The ban lasted five years. Under Mohammad Reza Shah Pahlavi, women could choose whether to wear a hijab, and for four decades they enjoyed many freedoms.
“My mom worked and lived in Iran during the ’60s and has very fond memories of her fashion and freedoms as a woman there,” Naasz said.
But the Pahlavi’s overthrow and establishment of the Islamic Republic of Iran in 1979 marked another dramatic shift in women’s rights, and by 1983 wearing the hijab was compulsory.
Razavi drew parallels between women’s rights efforts in Iran and the United States, particularly when it comes to school dress codes and abortion laws.

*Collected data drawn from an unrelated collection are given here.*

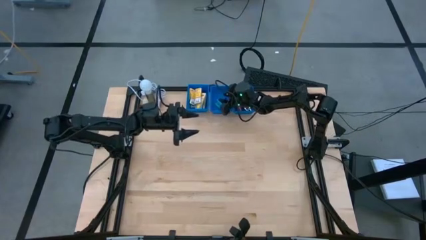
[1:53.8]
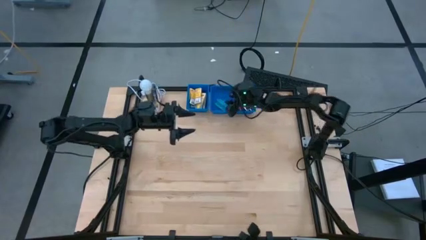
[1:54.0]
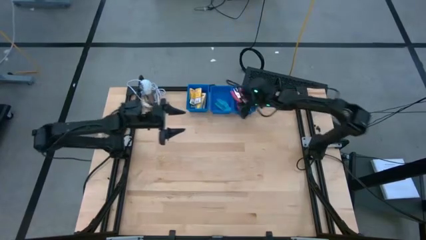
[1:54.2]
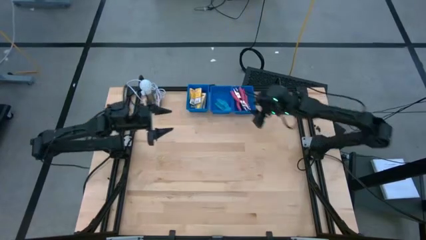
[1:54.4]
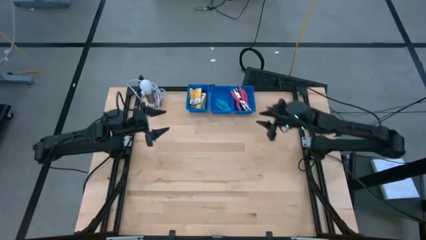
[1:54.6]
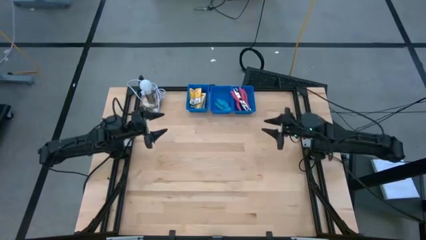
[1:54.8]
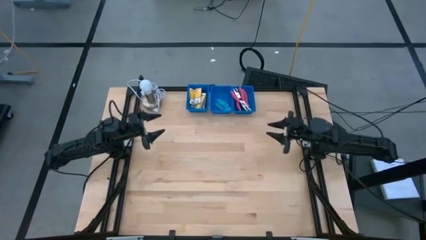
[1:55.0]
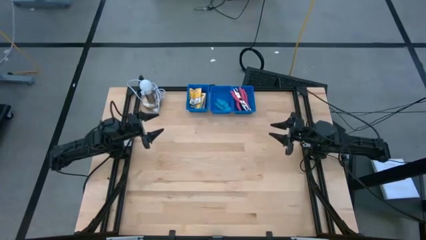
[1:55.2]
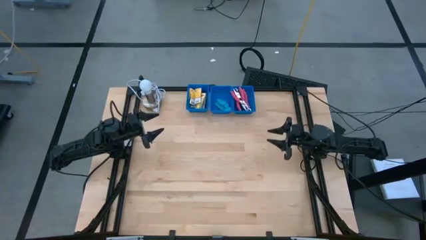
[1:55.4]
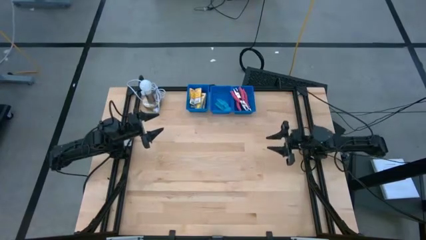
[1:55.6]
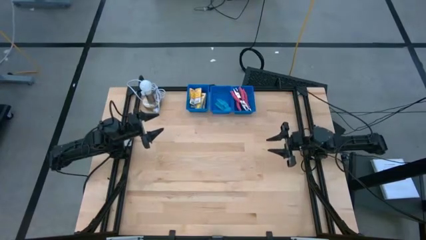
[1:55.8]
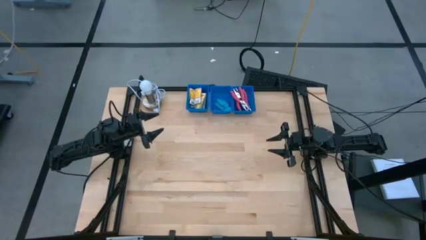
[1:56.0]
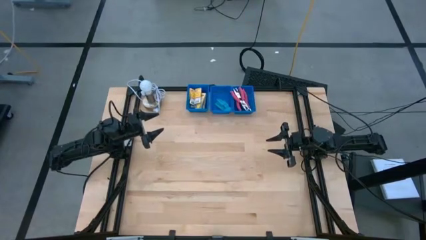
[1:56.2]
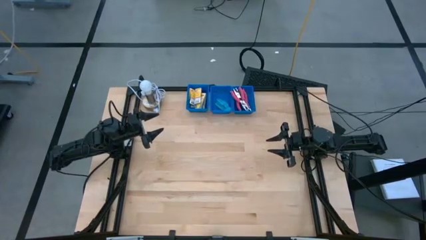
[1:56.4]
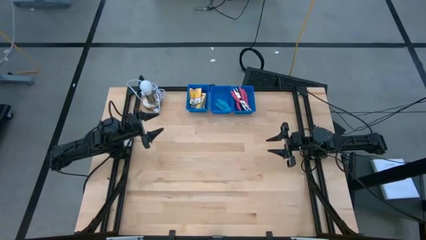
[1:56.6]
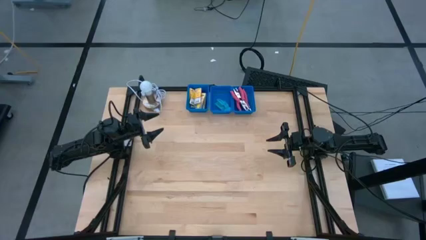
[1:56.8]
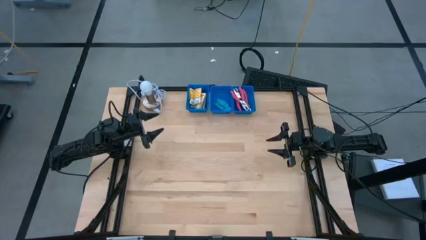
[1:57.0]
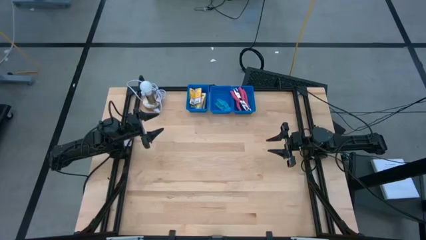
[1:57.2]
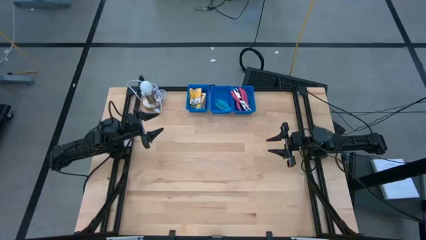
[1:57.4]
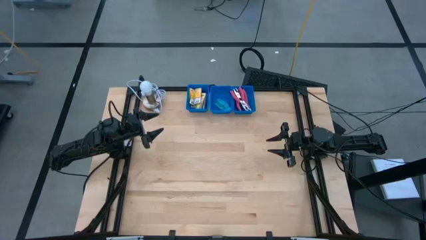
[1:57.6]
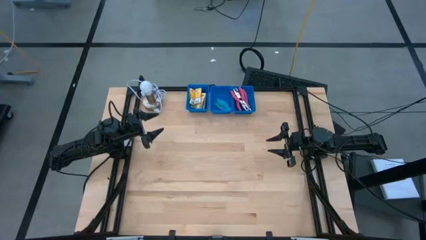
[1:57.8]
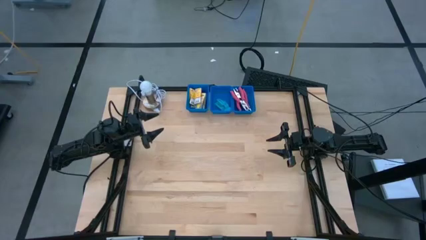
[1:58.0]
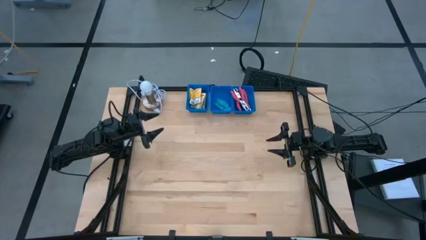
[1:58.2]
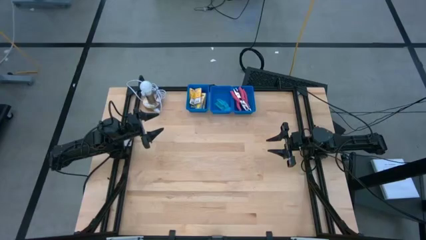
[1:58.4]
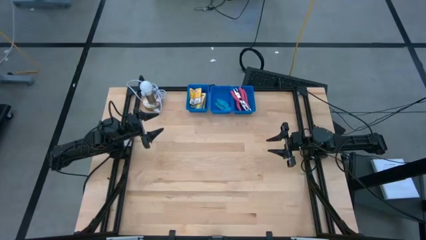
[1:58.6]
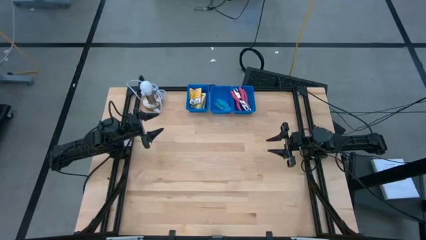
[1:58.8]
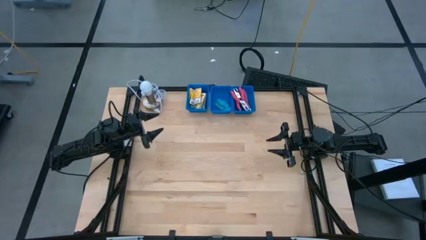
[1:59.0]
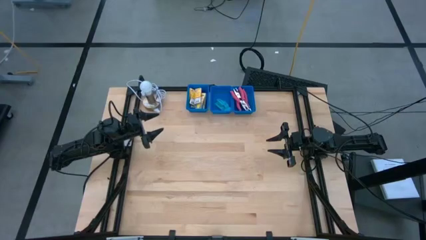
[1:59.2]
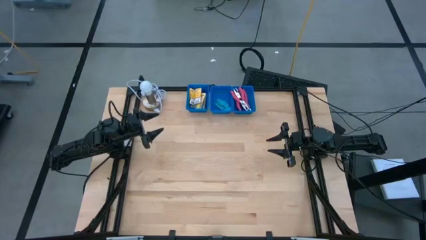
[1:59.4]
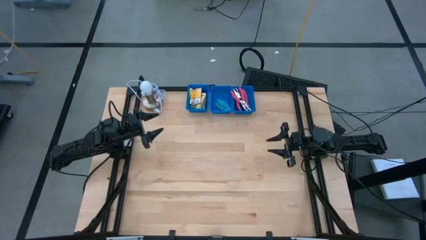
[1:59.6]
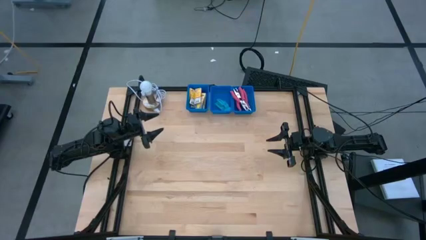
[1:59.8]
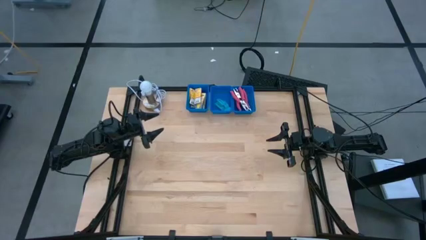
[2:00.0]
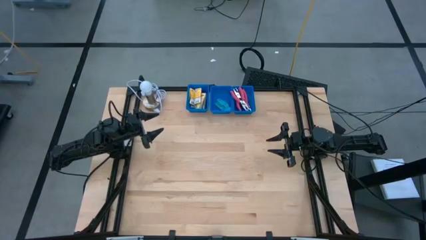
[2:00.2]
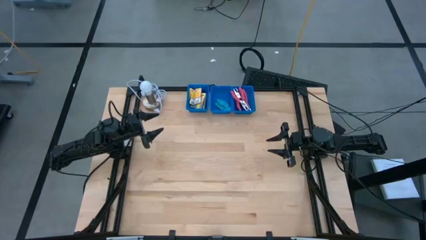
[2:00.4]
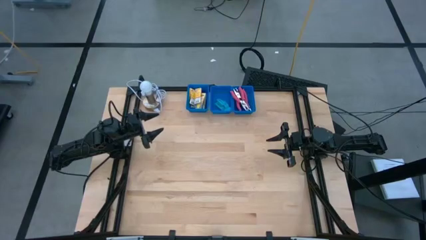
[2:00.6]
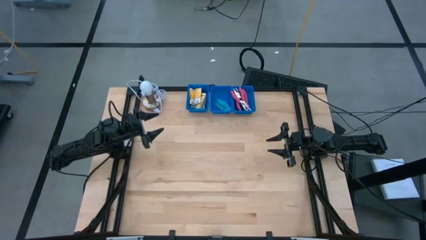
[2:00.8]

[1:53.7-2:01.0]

“In schools, dress codes are almost always for girls and geared toward modesty under the assumption that boys will be distracted by girls’ bodies, and it’s the girls’ responsibility to fix that,” she said. “Which is obviously grossly unfair and completely irrational, but it persists.”
Months before the U.S. Supreme Court in 2022 overturned Roe v. Wade, the landmark 1973 decision protecting a woman’s right to choose, Iran also passed anti-abortion laws.
“Women’s bodily autonomy is being eroded and attacked all over the world,” Razavi said.
“Women in the U.S. look at Iranian women and say, ‘Oh, how horrible.’ But we also need to turn our eyes back on ourselves to see what we’re going through here and how their struggles are echoed and exacerbated by the same social problems.”
Naasz’s family immigrated to California in 1991 when she was 9 years old, but she never forgot the fear.
“There’s no freedom of expression, and it’s hot, and you’re wearing dark cotton clothes in the heat,” she said.
Naasz, who teaches courses on design and clothing construction, created a dress inspired by the autumn leaves she collected on campus last year during the protests in Iran. She and her three daughters wrote on the leaves the names of demonstrators who died and spent the weekend before the exhibit opened clipping them to her dress.
The exhibit was funded by a University Enterprises, Inc., grant. Support for the opening reception was provided by the Sac State Iranian and Middle Eastern Studies Center, Department of Women and Gender Studies, College of Social Sciences and Interdisciplinary Studies, and Sociology professor Ayad Al-Qazzaz.
“The Seen Iranian Woman” will be on display in the University Union Gallery through Nov. 16. The gallery is open 10:30 a.m. to 3:30 p.m. Monday through Friday. Special evening hours are 5 to 8 p.m. Wednesdays and Thursdays.